Krieps, who brought the idea of an Elisabeth movie to an initially skeptical Kreutzer, makes for a compelling rebel. Whether holding her breath under water, cavorting for the motion picture camera of Louis Le Prince, sparring with her grown son or her young daughter, squeezing into a tightly-laced corset, or limiting her dinner to a slice or two of orange, the actor brings her character to vivid and vital life.

Krieps fires up her sophisticated interpretation with all kinds of quirky tics and mannerisms that increase our curiosity. When she bursts out laughing at socially inappropriate moments, we sense that she’s struck by the incomprehensible madness of her circumstances.

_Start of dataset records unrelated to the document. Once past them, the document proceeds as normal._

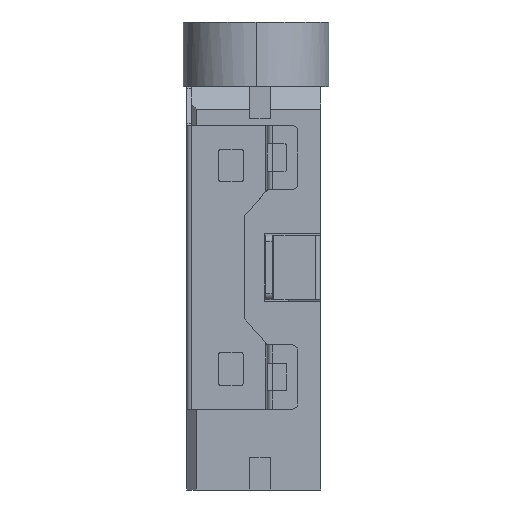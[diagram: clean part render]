
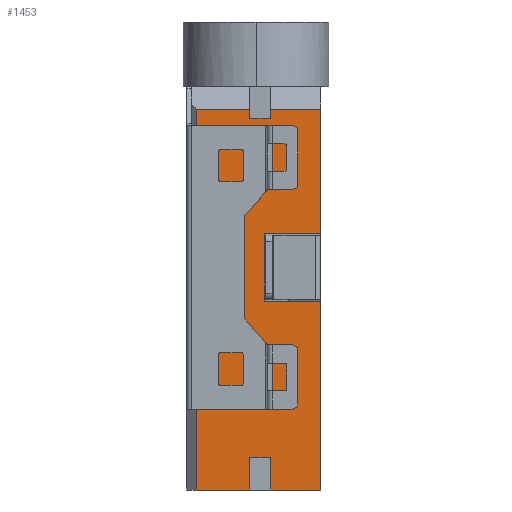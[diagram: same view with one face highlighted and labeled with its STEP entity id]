
A CAD part, left-side view. The second image highlights one B-rep face of the part: STEP entity #1453.
In plain terms, the highlighted planar face has unit normal (-1, 0, 0).
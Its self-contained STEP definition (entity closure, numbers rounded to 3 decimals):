
#9=DIRECTION('',(0.,1.,0.));
#10=VECTOR('',#9,1.75);
#11=CARTESIAN_POINT('',(-2.95,-2.,-4.55));
#12=LINE('',#11,#10);
#29=DIRECTION('',(0.,0.,-1.));
#30=VECTOR('',#29,2.1);
#31=CARTESIAN_POINT('',(-2.95,-0.25,-4.55));
#32=LINE('',#31,#30);
#37=DIRECTION('',(0.,1.,0.));
#38=VECTOR('',#37,1.65);
#39=CARTESIAN_POINT('',(-2.95,0.2,-0.7));
#40=LINE('',#39,#38);
#41=DIRECTION('',(0.,-1.,0.));
#42=VECTOR('',#41,1.75);
#43=CARTESIAN_POINT('',(-2.95,-0.25,-6.65));
#44=LINE('',#43,#42);
#61=DIRECTION('',(0.,0.,-1.));
#62=VECTOR('',#61,5.85);
#63=CARTESIAN_POINT('',(-2.95,-2.,-6.65));
#64=LINE('',#63,#62);
#85=DIRECTION('',(0.,0.,-1.));
#86=VECTOR('',#85,3.85);
#87=CARTESIAN_POINT('',(-2.95,-2.,-0.7));
#88=LINE('',#87,#86);
#288=DIRECTION('',(0.,-1.,0.));
#289=VECTOR('',#288,1.55);
#290=CARTESIAN_POINT('',(-2.95,-0.45,-0.7));
#291=LINE('',#290,#289);
#300=DIRECTION('',(0.,0.,1.));
#301=VECTOR('',#300,0.3);
#302=CARTESIAN_POINT('',(-2.95,-0.45,-1.));
#303=LINE('',#302,#301);
#316=DIRECTION('',(0.,-1.,0.));
#317=VECTOR('',#316,0.65);
#318=CARTESIAN_POINT('',(-2.95,0.2,-1.));
#319=LINE('',#318,#317);
#328=DIRECTION('',(0.,0.,-1.));
#329=VECTOR('',#328,0.3);
#330=CARTESIAN_POINT('',(-2.95,0.2,-0.7));
#331=LINE('',#330,#329);
#408=DIRECTION('',(0.,0.,1.));
#409=VECTOR('',#408,11.8);
#410=CARTESIAN_POINT('',(-2.95,1.85,-12.5));
#411=LINE('',#410,#409);
#428=DIRECTION('',(0.,1.,0.));
#429=VECTOR('',#428,1.65);
#430=CARTESIAN_POINT('',(-2.95,0.2,-12.5));
#431=LINE('',#430,#429);
#432=DIRECTION('',(0.,1.,0.));
#433=VECTOR('',#432,1.55);
#434=CARTESIAN_POINT('',(-2.95,-2.,-12.5));
#435=LINE('',#434,#433);
#623=DIRECTION('',(0.,0.,-1.));
#624=VECTOR('',#623,1.);
#625=CARTESIAN_POINT('',(-2.95,0.2,-11.5));
#626=LINE('',#625,#624);
#643=DIRECTION('',(0.,1.,0.));
#644=VECTOR('',#643,0.65);
#645=CARTESIAN_POINT('',(-2.95,-0.45,-11.5));
#646=LINE('',#645,#644);
#647=DIRECTION('',(0.,0.,1.));
#648=VECTOR('',#647,1.);
#649=CARTESIAN_POINT('',(-2.95,-0.45,-12.5));
#650=LINE('',#649,#648);
#1072=CARTESIAN_POINT('',(-2.95,-2.,-12.5));
#1074=VERTEX_POINT('',#1072);
#1077=CARTESIAN_POINT('',(-2.95,-2.,-6.65));
#1078=VERTEX_POINT('',#1077);
#1110=CARTESIAN_POINT('',(-2.95,-0.45,-11.5));
#1112=VERTEX_POINT('',#1110);
#1173=CARTESIAN_POINT('',(-2.95,-2.,-0.7));
#1175=VERTEX_POINT('',#1173);
#1178=CARTESIAN_POINT('',(-2.95,-0.45,-0.7));
#1180=VERTEX_POINT('',#1178);
#1181=CARTESIAN_POINT('',(-2.95,-0.45,-1.));
#1182=VERTEX_POINT('',#1181);
#1183=CARTESIAN_POINT('',(-2.95,-2.,-4.55));
#1184=VERTEX_POINT('',#1183);
#1205=CARTESIAN_POINT('',(-2.95,0.2,-12.5));
#1207=VERTEX_POINT('',#1205);
#1229=CARTESIAN_POINT('',(-2.95,1.85,-0.7));
#1231=VERTEX_POINT('',#1229);
#1261=CARTESIAN_POINT('',(-2.95,0.2,-11.5));
#1262=VERTEX_POINT('',#1261);
#1286=CARTESIAN_POINT('',(-2.95,-0.25,-6.65));
#1287=VERTEX_POINT('',#1286);
#1294=CARTESIAN_POINT('',(-2.95,1.85,-12.5));
#1295=VERTEX_POINT('',#1294);
#1304=CARTESIAN_POINT('',(-2.95,-0.45,-12.5));
#1305=VERTEX_POINT('',#1304);
#1306=CARTESIAN_POINT('',(-2.95,0.2,-0.7));
#1307=CARTESIAN_POINT('',(-2.95,0.2,-1.));
#1308=VERTEX_POINT('',#1306);
#1309=VERTEX_POINT('',#1307);
#1332=CARTESIAN_POINT('',(-2.95,-0.25,-4.55));
#1333=VERTEX_POINT('',#1332);
#1416=CARTESIAN_POINT('',(-2.95,1.85,-12.5));
#1417=DIRECTION('',(-1.,0.,0.));
#1418=DIRECTION('',(0.,-0.707,0.707));
#1419=AXIS2_PLACEMENT_3D('',#1416,#1417,#1418);
#1420=PLANE('',#1419);
#1422=ORIENTED_EDGE('',*,*,#1421,.T.);
#1424=ORIENTED_EDGE('',*,*,#1423,.T.);
#1426=ORIENTED_EDGE('',*,*,#1425,.T.);
#1428=ORIENTED_EDGE('',*,*,#1427,.T.);
#1430=ORIENTED_EDGE('',*,*,#1429,.T.);
#1432=ORIENTED_EDGE('',*,*,#1431,.T.);
#1434=ORIENTED_EDGE('',*,*,#1433,.T.);
#1436=ORIENTED_EDGE('',*,*,#1435,.T.);
#1438=ORIENTED_EDGE('',*,*,#1437,.F.);
#1440=ORIENTED_EDGE('',*,*,#1439,.T.);
#1442=ORIENTED_EDGE('',*,*,#1441,.T.);
#1444=ORIENTED_EDGE('',*,*,#1443,.T.);
#1446=ORIENTED_EDGE('',*,*,#1445,.T.);
#1448=ORIENTED_EDGE('',*,*,#1447,.T.);
#1449=ORIENTED_EDGE('',*,*,#1372,.T.);
#1450=ORIENTED_EDGE('',*,*,#1407,.T.);
#1451=EDGE_LOOP('',(#1422,#1424,#1426,#1428,#1430,#1432,#1434,#1436,#1438,#1440,
#1442,#1444,#1446,#1448,#1449,#1450));
#1452=FACE_OUTER_BOUND('',#1451,.F.);
#1372=EDGE_CURVE('',#1184,#1333,#12,.T.);
#1407=EDGE_CURVE('',#1333,#1287,#32,.T.);
#1421=EDGE_CURVE('',#1287,#1078,#44,.T.);
#1423=EDGE_CURVE('',#1078,#1074,#64,.T.);
#1425=EDGE_CURVE('',#1074,#1305,#435,.T.);
#1427=EDGE_CURVE('',#1305,#1112,#650,.T.);
#1429=EDGE_CURVE('',#1112,#1262,#646,.T.);
#1431=EDGE_CURVE('',#1262,#1207,#626,.T.);
#1433=EDGE_CURVE('',#1207,#1295,#431,.T.);
#1435=EDGE_CURVE('',#1295,#1231,#411,.T.);
#1437=EDGE_CURVE('',#1308,#1231,#40,.T.);
#1439=EDGE_CURVE('',#1308,#1309,#331,.T.);
#1441=EDGE_CURVE('',#1309,#1182,#319,.T.);
#1443=EDGE_CURVE('',#1182,#1180,#303,.T.);
#1445=EDGE_CURVE('',#1180,#1175,#291,.T.);
#1447=EDGE_CURVE('',#1175,#1184,#88,.T.);
#1453=ADVANCED_FACE('',(#1452),#1420,.T.);

As Kreutzer thumbs her nose, or, more accurately, gives the finger to the history books, it becomes evident that the director’s preoccupation with Elisabeth “coming apart” at the age of 40 is the key component of “Corsage” that transcends time to become a commentary on any era. Frustrations and anxieties threaten to erupt each time Elisabeth is silenced by her perpetually imperious husband.

Kreutzer and Krieps leave the viewer to guess at the protagonist’s motivation for raging against her confinement by fencing, horseback riding, and flirting with the possibility of adulterous liaisons of her own. Elisabeth could be driven by forces both internal and external. Either way, she will faint and she will feint.